Moreover, the fact that all of the Appellant entities were served at addresses
that differed from those in the pleadings and the citations raises uncertainty about
whether the appropriate agents of the Appellant entities were indeed served. See Turbo
Rests., LLC v. Reid’s Refrigeration Inc., 657 S.W.3d 490, 498 (Tex. App.—El Paso 2022,
no pet.) (concluding that the variation in the addresses raised uncertainty about
whether the corporation’s registered agent was in fact the entity served and noting
that the petition, citation, and certificate of last known mailing address all listed the
registered agent’s address at one place, “yet without explanation, the return of service
shows that service was made at a completely different address in a completely
different zip code”). Other errors on the face of the record include returns that
sometimes spell Appellant’s name “Szabuniewicz” and at other times
“Sazabuniewicz,” thereby creating additional uncertainty about the identity of the
individual who was served. See Hubicki v. Festina, 226 S.W.3d 405, 408 (Tex. 2007)

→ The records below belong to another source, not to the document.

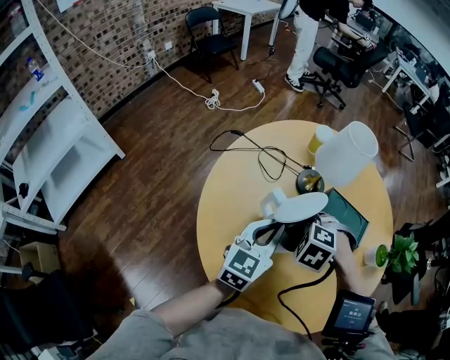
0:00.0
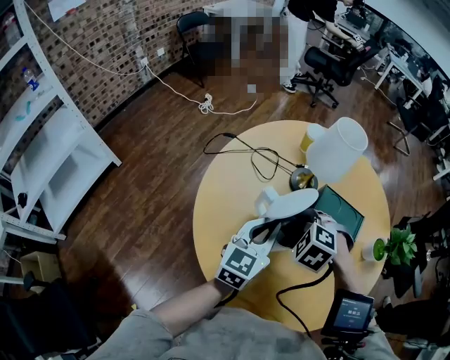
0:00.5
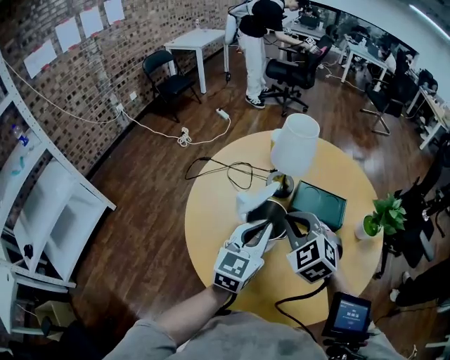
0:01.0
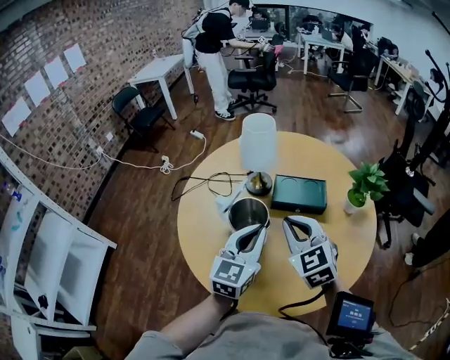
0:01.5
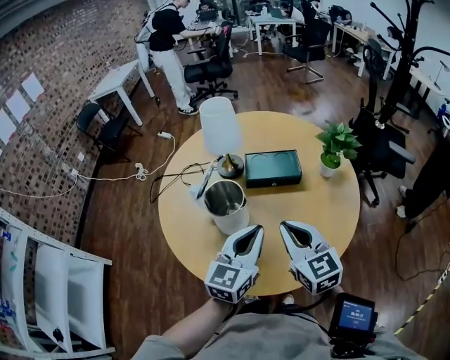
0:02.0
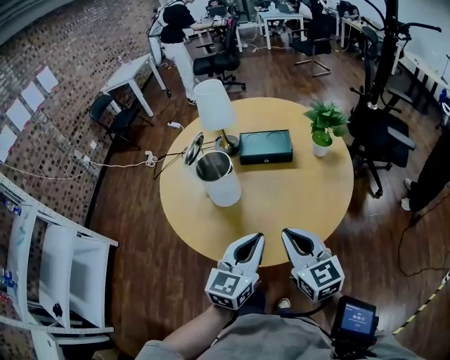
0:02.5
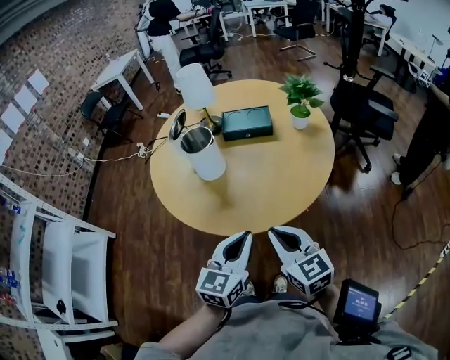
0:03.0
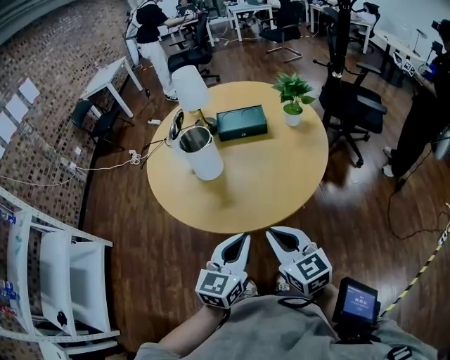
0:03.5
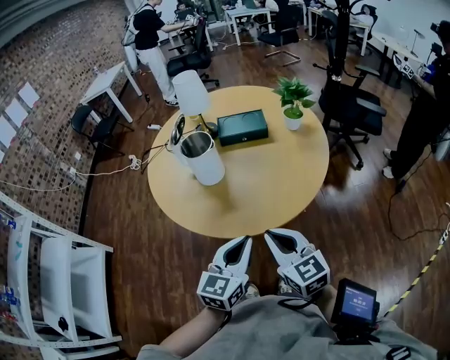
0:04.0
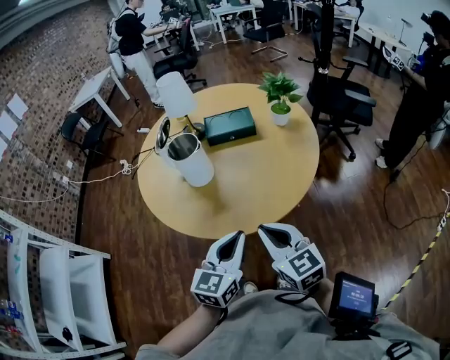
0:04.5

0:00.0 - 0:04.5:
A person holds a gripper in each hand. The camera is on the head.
0:00.0 - 0:02.0: The right gripper travels backward, upward and to the right by approximately 25 cm, points its fingers roughly 60 degrees further upward, and closes. The left gripper moves backward, to the right and upward, approximately 20 cm, and turns by about 30 degrees.
0:02.0 - 0:04.5: The grippers both shift backward by roughly 25 cm.

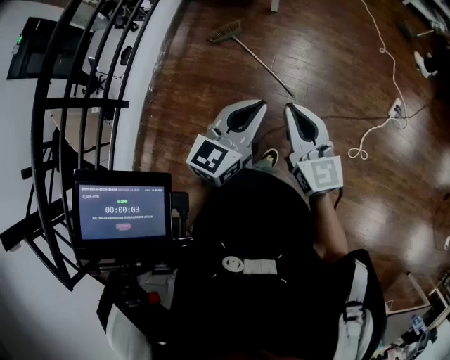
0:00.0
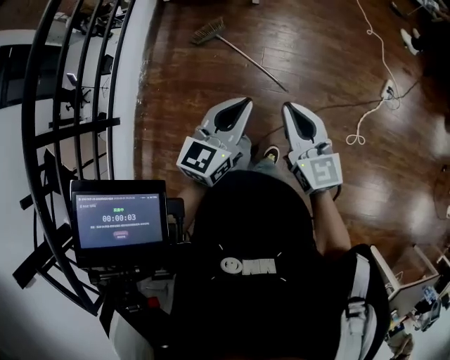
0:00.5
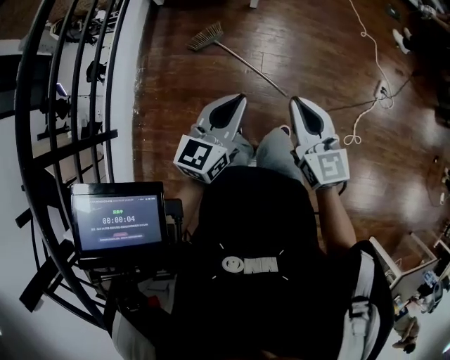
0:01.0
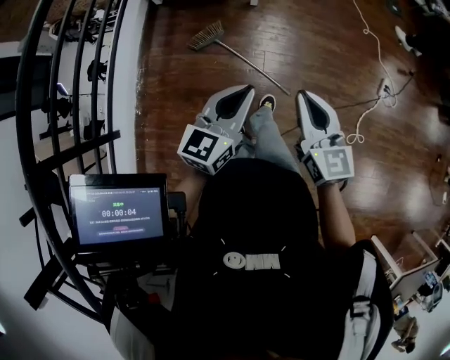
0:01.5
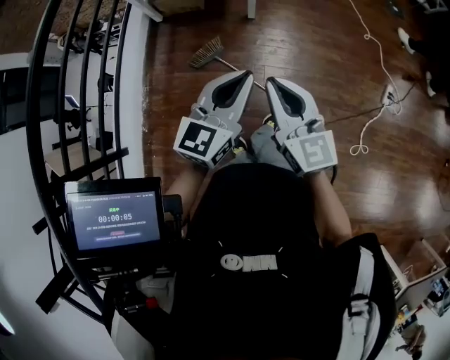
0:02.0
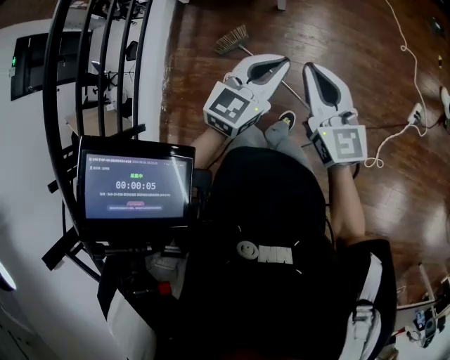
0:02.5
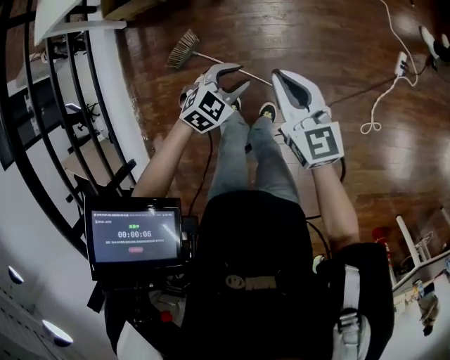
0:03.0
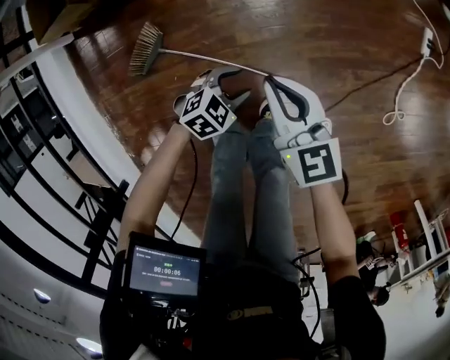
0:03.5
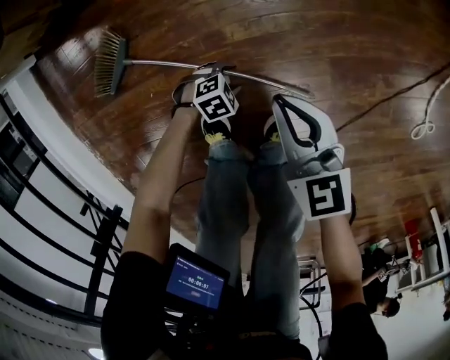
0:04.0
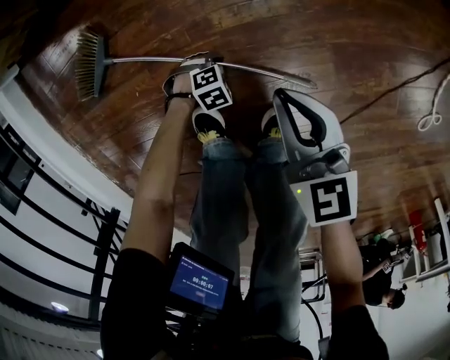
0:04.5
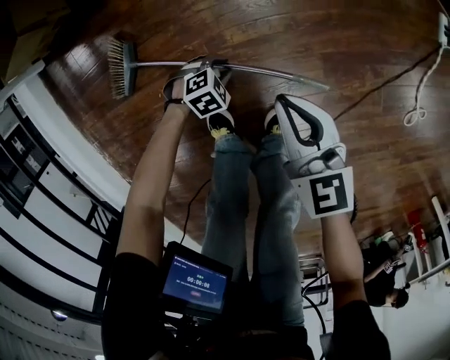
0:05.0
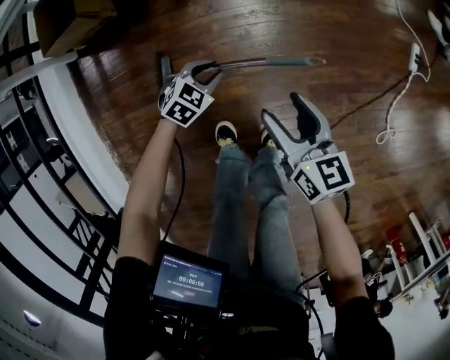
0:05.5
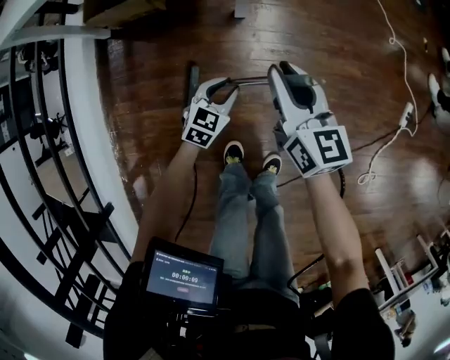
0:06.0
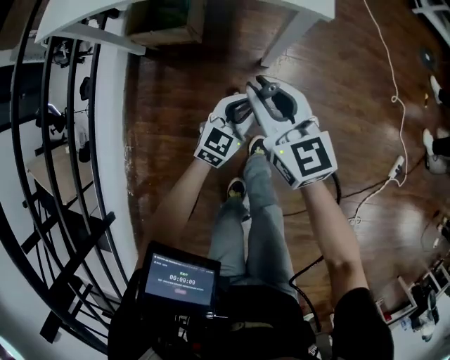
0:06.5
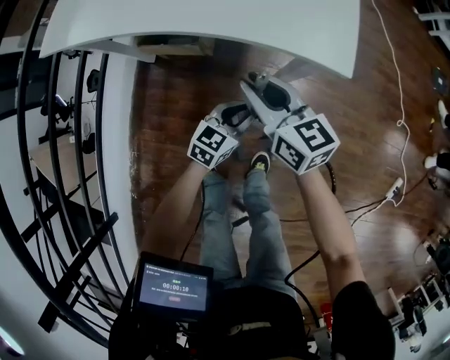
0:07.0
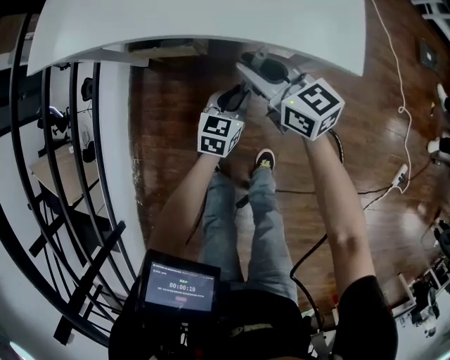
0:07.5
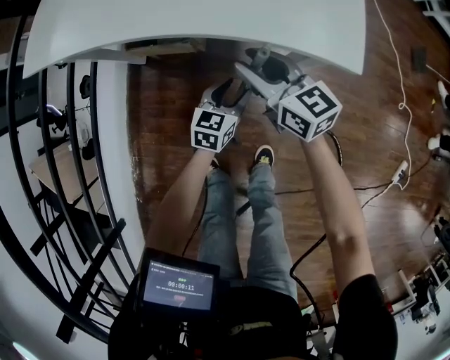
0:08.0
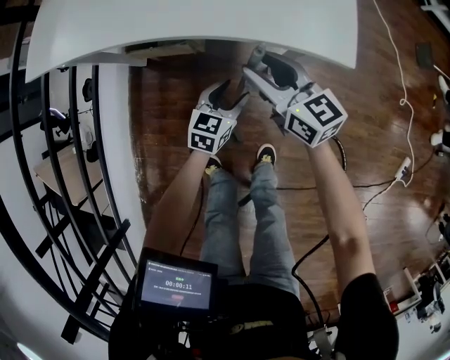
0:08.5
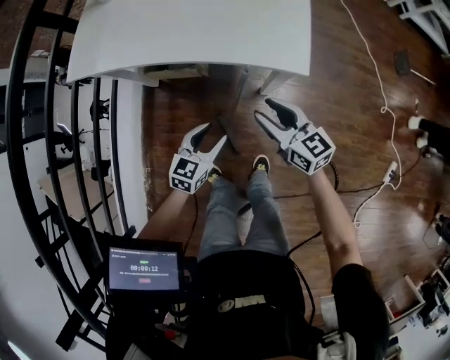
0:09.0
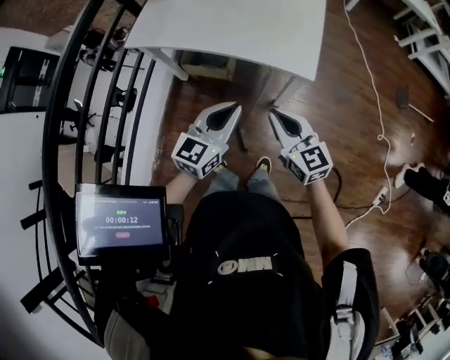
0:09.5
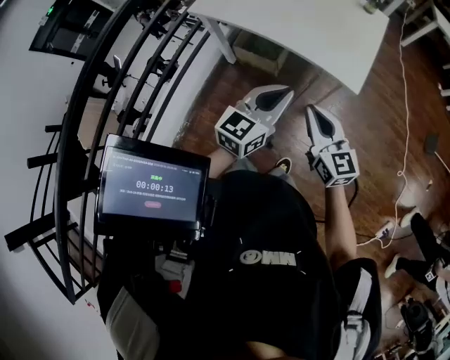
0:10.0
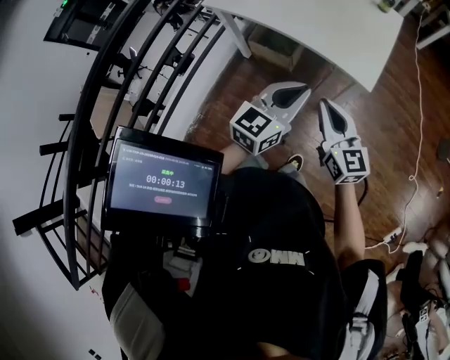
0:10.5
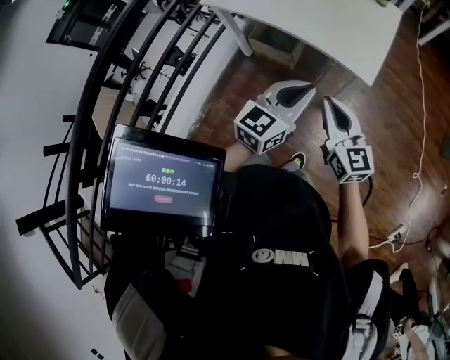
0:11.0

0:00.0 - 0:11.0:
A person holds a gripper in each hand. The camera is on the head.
0:00.0 - 0:02.0: The left gripper is displaced forward by roughly 25 cm, while the right gripper moves forward and to the left, about 30 cm.
0:02.0 - 0:03.5: Both grippers move downward, roughly 50 cm. The right gripper rotates some 30 degrees. Meanwhile the left gripper tips its fingers downward by approximately 50 degrees, and opens.
0:03.5 - 0:05.5: The right gripper reaches roughly 25 cm downward, then returns, and opens. Meanwhile the left gripper goes downward and returns, some 40 cm each way, and closes.
0:05.5 - 0:07.5: The right gripper ends up roughly 50 cm from where it was, swivels roughly 40 degrees, and closes up; the left gripper changes place by about 40 cm, and swivels some 50 degrees.
0:07.5 - 0:09.0: The right gripper shifts about 15 cm backward, upward and to the right, and opens, while the left gripper travels upward, backward and to the left by approximately 20 cm, and opens its fingers.
0:09.0 - 0:11.0: The left gripper moves upward, approximately 25 cm, turns by approximately 30 degrees, and closes up. Meanwhile the right gripper goes approximately 20 cm upward, backward and to the left, and closes.

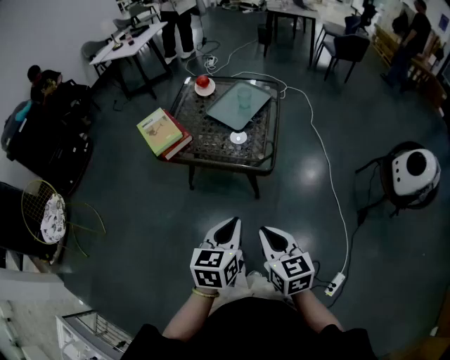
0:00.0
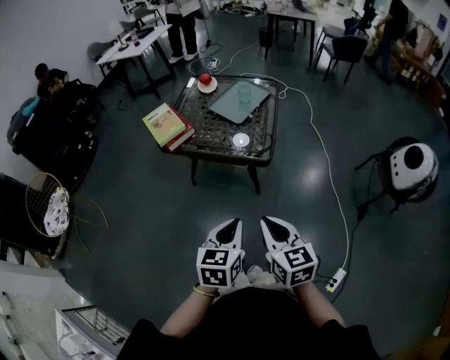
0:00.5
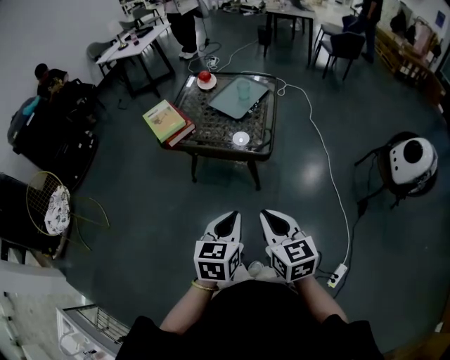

(stating that we rigidly enforce rules governing service when a default judgment is
14
rendered because after the defendant fails to respond to the action, “[i]f the defendant
can then show that the person commencing the action was guilty of comparable
nonconformity with procedural rules, under a principle of equality the derelictions
offset each other and the merits of the controversy may be brought forward for
consideration” (quoting Wilson, 800 S.W.2d at 837 and Restatement (Second) of
Judgments § 3 cmt. d (1982))). Moreover, the returns have an additional defect in that
appellant “Oak Lawn General, Inc.” is identified on each return as “1 Oak Lawn
General, Inc.” While these address and name discrepancies alone may not invalidate
service, service on the wrong person or agent for the Appellant entities does.
Here, the record fails to affirmatively show strict compliance with the rules
governing issuance, service, and return of service. Failure to comply with the strict
rules governing service of citation constitutes error on the face of the record. See Ins.
Co. of St. of Pa. v. Lejeune, 297 S.W.3d 254, 256 (Tex. 2009). Accordingly, we sustain
Appellants’ first issue.
Because these defects alone are sufficient to reverse the default judgment, we
need not address any other complaints that Appellants raise about the returns of
service or the default judgment. See Tex. R. App. P. 47.1; Brookfield Funding, LLC,
2025 WL 3558965, at *2.
15
IV. CONCLUSION
Having sustained Appellants’ first issue and not needing to address the rest, we
reverse the trial court’s default judgment as to all parties9 and remand the case for
further proceedings.
/s/ Dana Womack
Dana Womack
Justice
Delivered: June 25, 2026
9
See Lytle v. Cunningham, 261 S.W.3d 837, 841 (Tex. App.—Dallas 2008, no pet.) (“When there are co-defendants, and the trial court did not have personal jurisdiction over one defendant, the final judgment as to all defendants must be reversed.”); Worldwide Ventures, LP v. 3600 SC I, LLC, No. 03-16-00539-CV, 2018 WL 828965, at *2 (Tex. App.—Austin Feb. 7, 2018, no pet.) (mem. op.) (similar).